Material for the task:
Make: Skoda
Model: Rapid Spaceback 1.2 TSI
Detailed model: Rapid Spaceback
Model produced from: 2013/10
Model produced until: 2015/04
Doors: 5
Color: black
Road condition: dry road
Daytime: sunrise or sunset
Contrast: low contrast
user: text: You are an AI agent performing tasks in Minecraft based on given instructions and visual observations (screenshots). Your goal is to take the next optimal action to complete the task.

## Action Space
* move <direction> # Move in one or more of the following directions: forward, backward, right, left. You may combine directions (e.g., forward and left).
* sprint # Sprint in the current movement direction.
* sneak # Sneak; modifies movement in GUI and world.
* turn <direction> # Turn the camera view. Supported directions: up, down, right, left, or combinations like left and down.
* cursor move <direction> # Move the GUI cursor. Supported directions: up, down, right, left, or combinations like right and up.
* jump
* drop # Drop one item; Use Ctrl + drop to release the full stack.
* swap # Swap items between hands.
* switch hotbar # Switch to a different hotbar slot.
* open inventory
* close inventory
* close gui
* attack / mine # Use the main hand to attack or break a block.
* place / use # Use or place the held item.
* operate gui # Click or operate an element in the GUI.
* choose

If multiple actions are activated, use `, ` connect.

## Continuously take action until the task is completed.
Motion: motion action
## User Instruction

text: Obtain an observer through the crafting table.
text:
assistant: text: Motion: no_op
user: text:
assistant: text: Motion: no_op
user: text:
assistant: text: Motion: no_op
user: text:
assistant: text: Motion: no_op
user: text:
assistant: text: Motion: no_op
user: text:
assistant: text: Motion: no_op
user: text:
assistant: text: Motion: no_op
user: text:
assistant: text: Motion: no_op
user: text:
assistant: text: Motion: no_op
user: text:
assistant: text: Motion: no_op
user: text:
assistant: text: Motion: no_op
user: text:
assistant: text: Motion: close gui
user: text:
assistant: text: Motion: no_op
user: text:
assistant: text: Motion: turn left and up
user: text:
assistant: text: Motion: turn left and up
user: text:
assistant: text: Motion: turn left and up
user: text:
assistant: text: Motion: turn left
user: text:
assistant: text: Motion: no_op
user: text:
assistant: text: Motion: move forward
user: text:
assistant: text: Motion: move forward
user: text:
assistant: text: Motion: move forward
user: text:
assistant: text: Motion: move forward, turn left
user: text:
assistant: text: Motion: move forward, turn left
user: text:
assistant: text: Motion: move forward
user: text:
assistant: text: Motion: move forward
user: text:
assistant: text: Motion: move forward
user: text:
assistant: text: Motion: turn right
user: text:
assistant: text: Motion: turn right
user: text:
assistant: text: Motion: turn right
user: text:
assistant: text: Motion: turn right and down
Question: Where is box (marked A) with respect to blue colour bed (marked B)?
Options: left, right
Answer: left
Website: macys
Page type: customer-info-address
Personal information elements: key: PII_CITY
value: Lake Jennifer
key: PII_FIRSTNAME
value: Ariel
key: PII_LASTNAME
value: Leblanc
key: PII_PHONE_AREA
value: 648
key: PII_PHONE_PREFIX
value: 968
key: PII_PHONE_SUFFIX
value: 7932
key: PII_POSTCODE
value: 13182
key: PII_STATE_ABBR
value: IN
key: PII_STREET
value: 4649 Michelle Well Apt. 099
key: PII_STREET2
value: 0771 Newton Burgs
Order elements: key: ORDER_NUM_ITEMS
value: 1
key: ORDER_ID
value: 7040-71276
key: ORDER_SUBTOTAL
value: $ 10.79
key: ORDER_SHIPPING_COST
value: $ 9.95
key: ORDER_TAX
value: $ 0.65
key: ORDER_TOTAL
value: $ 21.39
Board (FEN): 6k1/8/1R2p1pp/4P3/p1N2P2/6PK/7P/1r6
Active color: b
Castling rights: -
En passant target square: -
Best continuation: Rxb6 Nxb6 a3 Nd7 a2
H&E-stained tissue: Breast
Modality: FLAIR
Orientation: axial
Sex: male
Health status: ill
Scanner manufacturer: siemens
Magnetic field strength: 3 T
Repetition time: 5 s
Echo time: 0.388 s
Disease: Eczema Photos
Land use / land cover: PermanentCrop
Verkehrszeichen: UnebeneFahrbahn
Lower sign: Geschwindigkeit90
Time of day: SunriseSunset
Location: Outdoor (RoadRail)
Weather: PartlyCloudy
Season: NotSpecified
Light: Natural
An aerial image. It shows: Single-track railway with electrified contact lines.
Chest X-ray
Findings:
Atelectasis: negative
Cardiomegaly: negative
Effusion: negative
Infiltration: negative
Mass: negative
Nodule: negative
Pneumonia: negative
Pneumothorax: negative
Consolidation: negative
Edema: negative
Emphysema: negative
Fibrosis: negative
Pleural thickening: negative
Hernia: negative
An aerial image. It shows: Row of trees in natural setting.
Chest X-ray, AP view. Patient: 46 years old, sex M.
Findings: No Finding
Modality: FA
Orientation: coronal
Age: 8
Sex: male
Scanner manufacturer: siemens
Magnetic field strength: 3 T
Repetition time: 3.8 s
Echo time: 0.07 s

Task directions: Could you output the lines above, exactly as written, from the one containing "Atelectasis: negative" through the last, with both ends included and no others?

Your response:
Atelectasis: negative
Cardiomegaly: negative
Effusion: negative
Infiltration: negative
Mass: negative
Nodule: negative
Pneumonia: negative
Pneumothorax: negative
Consolidation: negative
Edema: negative
Emphysema: negative
Fibrosis: negative
Pleural thickening: negative
Hernia: negative
An aerial image. It shows: Row of trees in natural setting.
Chest X-ray, AP view. Patient: 46 years old, sex M.
Findings: No Finding
Modality: FA
Orientation: coronal
Age: 8
Sex: male
Scanner manufacturer: siemens
Magnetic field strength: 3 T
Repetition time: 3.8 s
Echo time: 0.07 s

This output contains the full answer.